23 Ocak 2023 Pazartesi

Herkesin bir müzesi olmalı hayatta..

Taze taze, buharı üstünde ;)

Heinz Stücke'nin belgeselindeki kişisel müze fikrinden sonra aklıma takıldı. Bugünlerde Masumiyet Müzesi'ni açıp karıştırıyor, birkaç satır okuyorum.

Bana öyle geliyor ki, herkesin bir müzesi olmalı bu hayatta. Ondan bir şeyler olmalı; kokusu, cebindeki otopark fişi, ceketinin kopup yere düşen düğmesi, ufak bir yazı defteri belki, bir deniz kabuğu.. Bir şeyler kalmalı geriye, çok sıradan ama onun olan bir şeyler; bir müze içinde korunmalı ve sen onu her özlediğinde o müzeyi ziyaret edebilmelisin. 

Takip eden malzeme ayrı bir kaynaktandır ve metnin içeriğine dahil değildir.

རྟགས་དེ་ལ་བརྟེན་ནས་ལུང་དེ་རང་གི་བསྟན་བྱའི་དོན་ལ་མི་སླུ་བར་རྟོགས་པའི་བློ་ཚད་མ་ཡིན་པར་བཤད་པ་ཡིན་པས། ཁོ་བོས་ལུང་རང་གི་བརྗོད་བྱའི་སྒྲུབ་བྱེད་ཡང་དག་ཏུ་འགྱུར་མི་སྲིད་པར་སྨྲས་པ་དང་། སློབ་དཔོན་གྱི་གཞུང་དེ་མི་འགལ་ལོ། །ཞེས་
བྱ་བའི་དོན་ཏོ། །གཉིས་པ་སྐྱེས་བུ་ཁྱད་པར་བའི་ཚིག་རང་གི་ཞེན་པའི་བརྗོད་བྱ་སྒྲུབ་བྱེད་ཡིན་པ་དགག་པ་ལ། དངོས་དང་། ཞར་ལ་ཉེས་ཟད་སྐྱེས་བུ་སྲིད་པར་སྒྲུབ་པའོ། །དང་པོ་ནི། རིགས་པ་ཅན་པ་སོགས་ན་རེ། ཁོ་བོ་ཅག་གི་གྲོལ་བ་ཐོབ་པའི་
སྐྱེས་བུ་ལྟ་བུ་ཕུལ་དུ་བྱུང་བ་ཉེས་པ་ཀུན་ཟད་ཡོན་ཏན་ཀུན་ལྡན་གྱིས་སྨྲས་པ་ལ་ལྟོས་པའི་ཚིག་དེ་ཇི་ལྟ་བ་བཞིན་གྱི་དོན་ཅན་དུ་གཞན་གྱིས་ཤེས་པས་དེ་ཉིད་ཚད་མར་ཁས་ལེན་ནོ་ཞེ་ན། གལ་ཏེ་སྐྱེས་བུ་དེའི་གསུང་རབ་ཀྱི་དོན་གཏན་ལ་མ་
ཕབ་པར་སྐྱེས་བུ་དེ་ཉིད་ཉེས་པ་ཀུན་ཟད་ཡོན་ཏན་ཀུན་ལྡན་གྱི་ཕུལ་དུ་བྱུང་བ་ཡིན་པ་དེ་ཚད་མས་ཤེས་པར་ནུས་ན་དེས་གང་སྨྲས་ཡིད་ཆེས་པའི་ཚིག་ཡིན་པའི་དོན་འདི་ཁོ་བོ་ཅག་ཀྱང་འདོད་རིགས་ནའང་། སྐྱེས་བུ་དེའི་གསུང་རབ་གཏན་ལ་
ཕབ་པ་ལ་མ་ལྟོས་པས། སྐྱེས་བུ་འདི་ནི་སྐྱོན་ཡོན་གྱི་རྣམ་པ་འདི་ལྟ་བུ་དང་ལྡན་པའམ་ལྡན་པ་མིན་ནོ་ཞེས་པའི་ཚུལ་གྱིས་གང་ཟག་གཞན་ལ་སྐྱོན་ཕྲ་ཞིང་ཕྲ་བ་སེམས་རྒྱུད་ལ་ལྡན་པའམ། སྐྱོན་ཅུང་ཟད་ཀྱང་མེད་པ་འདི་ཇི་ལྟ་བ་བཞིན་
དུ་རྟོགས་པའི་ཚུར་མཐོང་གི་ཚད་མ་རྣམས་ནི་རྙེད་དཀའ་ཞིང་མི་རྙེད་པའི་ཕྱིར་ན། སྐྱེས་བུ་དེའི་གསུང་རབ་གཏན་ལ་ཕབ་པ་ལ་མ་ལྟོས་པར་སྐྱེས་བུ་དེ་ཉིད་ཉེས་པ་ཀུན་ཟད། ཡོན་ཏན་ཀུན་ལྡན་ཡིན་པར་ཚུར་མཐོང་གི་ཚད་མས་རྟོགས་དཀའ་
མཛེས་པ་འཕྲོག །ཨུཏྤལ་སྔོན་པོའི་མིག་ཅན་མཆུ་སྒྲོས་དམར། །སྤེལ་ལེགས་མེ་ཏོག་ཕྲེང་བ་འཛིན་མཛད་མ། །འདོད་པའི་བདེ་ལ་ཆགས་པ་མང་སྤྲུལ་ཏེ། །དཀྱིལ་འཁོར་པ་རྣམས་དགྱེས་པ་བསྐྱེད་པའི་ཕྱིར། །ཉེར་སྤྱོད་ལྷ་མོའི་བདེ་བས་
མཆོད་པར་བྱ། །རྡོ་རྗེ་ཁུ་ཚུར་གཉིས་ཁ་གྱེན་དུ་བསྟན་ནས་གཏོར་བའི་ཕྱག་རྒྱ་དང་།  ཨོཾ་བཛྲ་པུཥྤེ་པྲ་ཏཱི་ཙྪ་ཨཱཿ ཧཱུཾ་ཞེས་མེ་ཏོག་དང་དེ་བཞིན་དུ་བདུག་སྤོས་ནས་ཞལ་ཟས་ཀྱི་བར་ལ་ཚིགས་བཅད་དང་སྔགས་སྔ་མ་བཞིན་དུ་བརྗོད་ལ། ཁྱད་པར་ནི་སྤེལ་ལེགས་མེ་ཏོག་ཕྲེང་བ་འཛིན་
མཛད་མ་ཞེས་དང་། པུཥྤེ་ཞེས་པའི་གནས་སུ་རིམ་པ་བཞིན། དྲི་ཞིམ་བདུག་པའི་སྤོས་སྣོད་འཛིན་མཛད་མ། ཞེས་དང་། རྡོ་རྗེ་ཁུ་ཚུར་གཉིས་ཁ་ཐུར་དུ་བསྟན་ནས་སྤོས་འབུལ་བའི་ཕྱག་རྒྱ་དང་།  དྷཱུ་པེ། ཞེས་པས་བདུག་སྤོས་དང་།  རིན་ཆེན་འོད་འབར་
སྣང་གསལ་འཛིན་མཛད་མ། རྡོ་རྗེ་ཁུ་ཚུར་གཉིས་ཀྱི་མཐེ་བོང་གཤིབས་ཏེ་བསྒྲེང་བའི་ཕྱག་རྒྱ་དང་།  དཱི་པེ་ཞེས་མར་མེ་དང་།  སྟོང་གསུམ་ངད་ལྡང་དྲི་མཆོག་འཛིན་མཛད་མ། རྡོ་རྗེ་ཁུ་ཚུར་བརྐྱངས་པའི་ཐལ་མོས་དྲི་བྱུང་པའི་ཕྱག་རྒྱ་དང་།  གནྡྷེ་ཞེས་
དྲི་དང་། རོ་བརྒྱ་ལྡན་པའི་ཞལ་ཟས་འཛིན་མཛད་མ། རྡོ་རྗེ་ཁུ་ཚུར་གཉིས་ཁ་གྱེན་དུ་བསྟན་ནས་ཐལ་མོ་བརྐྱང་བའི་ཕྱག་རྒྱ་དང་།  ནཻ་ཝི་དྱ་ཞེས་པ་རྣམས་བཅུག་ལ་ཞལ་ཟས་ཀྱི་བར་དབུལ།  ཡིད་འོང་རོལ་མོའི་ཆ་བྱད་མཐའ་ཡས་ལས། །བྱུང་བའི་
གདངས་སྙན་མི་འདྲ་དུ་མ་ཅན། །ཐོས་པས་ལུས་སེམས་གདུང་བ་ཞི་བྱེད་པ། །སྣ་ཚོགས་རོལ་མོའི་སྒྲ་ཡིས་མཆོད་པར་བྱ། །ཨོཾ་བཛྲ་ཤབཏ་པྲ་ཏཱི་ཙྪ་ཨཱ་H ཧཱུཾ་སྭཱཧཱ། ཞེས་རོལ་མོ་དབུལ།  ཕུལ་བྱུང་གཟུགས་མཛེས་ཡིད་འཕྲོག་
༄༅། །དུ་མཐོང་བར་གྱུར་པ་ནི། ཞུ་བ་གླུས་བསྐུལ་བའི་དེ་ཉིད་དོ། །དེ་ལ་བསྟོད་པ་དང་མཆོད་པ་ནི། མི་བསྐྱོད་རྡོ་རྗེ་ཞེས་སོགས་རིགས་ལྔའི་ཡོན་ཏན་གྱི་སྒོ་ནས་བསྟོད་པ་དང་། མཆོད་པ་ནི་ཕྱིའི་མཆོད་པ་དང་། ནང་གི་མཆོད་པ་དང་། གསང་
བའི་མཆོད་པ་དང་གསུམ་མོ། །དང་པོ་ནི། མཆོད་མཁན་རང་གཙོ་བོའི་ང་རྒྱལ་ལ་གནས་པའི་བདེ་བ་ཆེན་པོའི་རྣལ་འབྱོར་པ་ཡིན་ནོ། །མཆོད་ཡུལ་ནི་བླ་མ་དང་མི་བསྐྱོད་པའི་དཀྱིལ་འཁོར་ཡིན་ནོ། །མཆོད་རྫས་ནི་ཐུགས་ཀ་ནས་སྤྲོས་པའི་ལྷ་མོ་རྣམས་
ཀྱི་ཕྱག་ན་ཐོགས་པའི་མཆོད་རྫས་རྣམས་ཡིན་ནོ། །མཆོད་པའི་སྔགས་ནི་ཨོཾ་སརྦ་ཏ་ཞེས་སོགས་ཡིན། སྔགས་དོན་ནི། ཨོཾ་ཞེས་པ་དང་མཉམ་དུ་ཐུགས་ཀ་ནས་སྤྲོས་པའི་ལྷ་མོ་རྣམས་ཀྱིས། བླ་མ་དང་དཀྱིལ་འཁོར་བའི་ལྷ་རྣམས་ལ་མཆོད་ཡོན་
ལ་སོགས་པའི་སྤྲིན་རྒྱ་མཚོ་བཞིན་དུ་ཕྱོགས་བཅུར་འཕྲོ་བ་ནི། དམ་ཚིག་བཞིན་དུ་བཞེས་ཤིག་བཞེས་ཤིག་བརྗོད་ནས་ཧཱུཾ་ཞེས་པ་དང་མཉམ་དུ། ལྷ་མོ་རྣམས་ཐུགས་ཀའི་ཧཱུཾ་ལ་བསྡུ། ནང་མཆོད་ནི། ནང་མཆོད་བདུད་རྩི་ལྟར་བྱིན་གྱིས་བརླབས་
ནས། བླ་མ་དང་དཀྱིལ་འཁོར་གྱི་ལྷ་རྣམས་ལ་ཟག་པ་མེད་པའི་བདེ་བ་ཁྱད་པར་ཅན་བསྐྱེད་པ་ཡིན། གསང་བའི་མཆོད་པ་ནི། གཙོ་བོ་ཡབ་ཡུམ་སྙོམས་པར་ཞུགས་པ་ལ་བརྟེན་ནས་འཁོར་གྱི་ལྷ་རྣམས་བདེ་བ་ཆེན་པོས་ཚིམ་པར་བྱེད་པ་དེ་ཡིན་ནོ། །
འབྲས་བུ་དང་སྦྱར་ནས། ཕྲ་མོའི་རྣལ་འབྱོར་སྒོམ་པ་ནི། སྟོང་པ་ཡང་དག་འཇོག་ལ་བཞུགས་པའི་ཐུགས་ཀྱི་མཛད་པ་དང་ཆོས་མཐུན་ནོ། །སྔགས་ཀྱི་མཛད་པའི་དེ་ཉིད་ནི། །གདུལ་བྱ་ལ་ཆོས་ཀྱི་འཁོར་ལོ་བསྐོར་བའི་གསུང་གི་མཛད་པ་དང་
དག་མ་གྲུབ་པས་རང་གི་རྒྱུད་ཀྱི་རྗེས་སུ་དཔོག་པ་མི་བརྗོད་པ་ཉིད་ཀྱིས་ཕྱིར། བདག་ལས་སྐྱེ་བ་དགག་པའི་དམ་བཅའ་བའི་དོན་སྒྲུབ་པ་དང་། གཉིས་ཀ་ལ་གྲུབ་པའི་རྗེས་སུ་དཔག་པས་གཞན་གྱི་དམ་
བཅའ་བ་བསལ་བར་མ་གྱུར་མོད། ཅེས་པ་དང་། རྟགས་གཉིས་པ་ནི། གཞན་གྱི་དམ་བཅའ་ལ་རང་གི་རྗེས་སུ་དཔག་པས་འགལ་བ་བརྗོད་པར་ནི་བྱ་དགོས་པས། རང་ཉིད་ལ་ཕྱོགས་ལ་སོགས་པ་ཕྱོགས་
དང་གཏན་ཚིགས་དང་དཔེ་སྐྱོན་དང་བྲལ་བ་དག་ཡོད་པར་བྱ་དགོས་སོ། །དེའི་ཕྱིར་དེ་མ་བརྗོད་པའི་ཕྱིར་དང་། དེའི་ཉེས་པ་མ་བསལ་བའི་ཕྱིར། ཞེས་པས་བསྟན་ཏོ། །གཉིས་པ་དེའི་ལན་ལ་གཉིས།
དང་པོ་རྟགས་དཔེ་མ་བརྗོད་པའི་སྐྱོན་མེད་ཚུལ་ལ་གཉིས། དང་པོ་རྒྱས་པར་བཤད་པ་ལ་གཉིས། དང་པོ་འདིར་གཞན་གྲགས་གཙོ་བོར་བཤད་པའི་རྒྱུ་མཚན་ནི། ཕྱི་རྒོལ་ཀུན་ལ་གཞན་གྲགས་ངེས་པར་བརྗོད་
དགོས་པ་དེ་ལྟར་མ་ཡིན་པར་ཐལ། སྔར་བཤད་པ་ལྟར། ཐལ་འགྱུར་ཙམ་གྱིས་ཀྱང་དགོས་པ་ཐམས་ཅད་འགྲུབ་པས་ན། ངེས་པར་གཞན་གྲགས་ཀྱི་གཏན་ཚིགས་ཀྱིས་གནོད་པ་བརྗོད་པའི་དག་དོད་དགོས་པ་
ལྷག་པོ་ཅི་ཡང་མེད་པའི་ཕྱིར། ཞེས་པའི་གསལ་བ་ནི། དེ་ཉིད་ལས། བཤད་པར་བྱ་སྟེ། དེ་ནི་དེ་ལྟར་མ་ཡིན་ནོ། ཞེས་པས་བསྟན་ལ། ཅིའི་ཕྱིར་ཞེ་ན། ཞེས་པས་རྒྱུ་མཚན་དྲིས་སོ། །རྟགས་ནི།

Sanal bir müze olmalı hiç değilse, bunların her birinin, düşünsene, bir süper bilgisayara yüklendiğini.. Açıyorsun misal "sevgili" diyorsun, hop geliyor önüne, deniz kokusu, ıslak saçlarından onun omzuna damlayan o üç beş damla, elini ilk tuttuğu an çalan vapur düdüğünün sesi, birlikte hayal kurarken yediğiniz portakalın kabukları.. Şahane olmaz mıydı?

Biraz psikopatça geldiyse, hiç aşık olmamışsındır.

Bak gülme. Benim böyle birkaç fikrimi yapıp köşe oldu bazı sivri zekâlılar. Yazdığımla kaldım. Bu da olacak bence bir gün..... Yeterince insan aşık olduğunda, böyle bir "ihtiyaç" çıkacak ve kapitalizm bunu da sermayeye dönüştürme fırsatını kaçırmayacak. Yazmadı deme.